So, I'm chatty today. I've gotta get this out somehow.
So, um, yeah. PTSD from a child's illness. It's a thing. It's nice to have some validation, but it's not a surprise to anyone who has had a child whose been in the hospital.
Here is where we are with that, based on yesterday's hospitalization.
1) The beep of the pulse oximeter alarm. Ugh. I forget about it until I hear it. And because there are a lot of children in the peds ward with respiratory illnesses, I heard it almost as soon as we got there. It's a punch in the stomach that I can do without.
2) Fortunately, Bridget did not have any alarms go off, but the child beside of us did. And every time it went off, I could imagine the parent in there straining his/her head to look at the number on the alarm and praying that it stops, the number goes up, or the nurse to arrive and up the O2 level.
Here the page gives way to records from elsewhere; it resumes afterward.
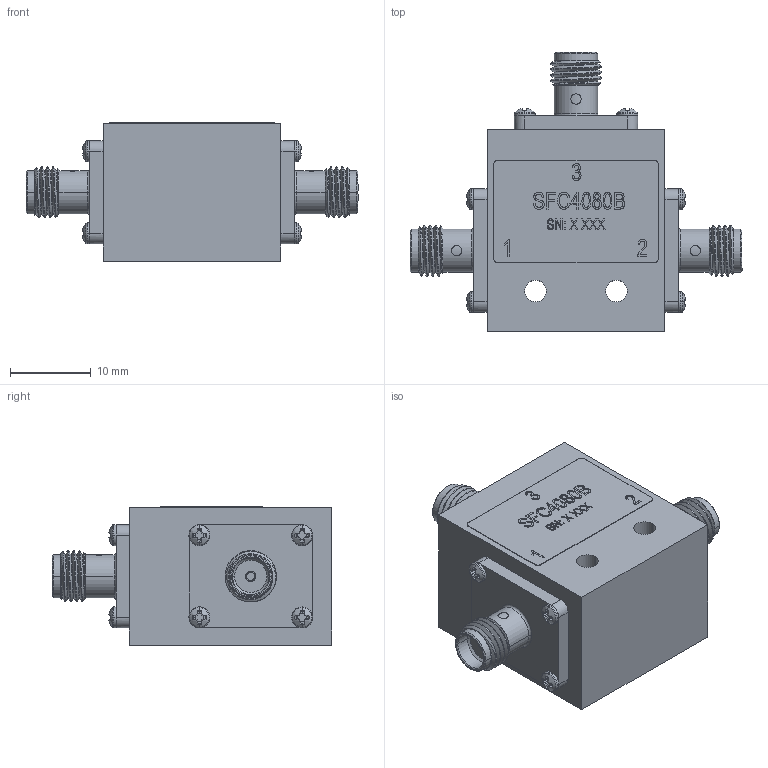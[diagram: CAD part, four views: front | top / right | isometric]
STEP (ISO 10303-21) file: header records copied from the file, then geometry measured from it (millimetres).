
FILE_DESCRIPTION (( 'STEP AP214' ), '1' );
FILE_NAME ('SFC4080B_3D.step', '2024-02-12T21:41:26', ( '' ), ( '' ), 'SwSTEP 2.0', 'SolidWorks 2022', '' );
FILE_SCHEMA (( 'AUTOMOTIVE_DESIGN' ));
Length unit declared in the file: inch
Products named in the file (1): SFC4080B_3D
Bounding box: 41.05 x 34.52 x 17.08 mm (x, y, z)
Volume: 10568.2 mm3; surface area: 4236.4 mm2
Topology: 1 solids, 13 shells, 840 faces, 2211 edges, 1451 vertices
Faces by surface type: plane 431, bspline 176, cylinder 131, cone 96, torus 6
Entity records: 35877 total; most frequent: CARTESIAN_POINT 16677, ORIENTED_EDGE 4422, DIRECTION 3262, EDGE_CURVE 2211, VERTEX_POINT 1451, AXIS2_PLACEMENT_3D 1107, VECTOR 1048, LINE 1048

It's not fun.
3) As soon as we got home today, I went into vacuum cleaner mode, eating every piece of high fat and/or salty food I could find as well as wondering if 11:30 am is too early to open a bottle of wine and drink by myself.
The good news about this trip with Bridget is that what we are doing is working. They did an X-ray and she did not have any atelectasis. YAY! She did have junk spread around her lungs but nothing like what happened in June. So Yay! Yay! Yay!
An ever so slight boo in that I realized as we left that we don't know where we are in this virus's progression, and, thus, where we are in her mucus-y lungs: beginning, middle, or end? My vote, along the lines of Churchill: "Now this is not the end. It is not even the beginning of the end. But it is, perhaps, the end of the beginning."
Blergh. At least Dave is home now and we can open up that wine.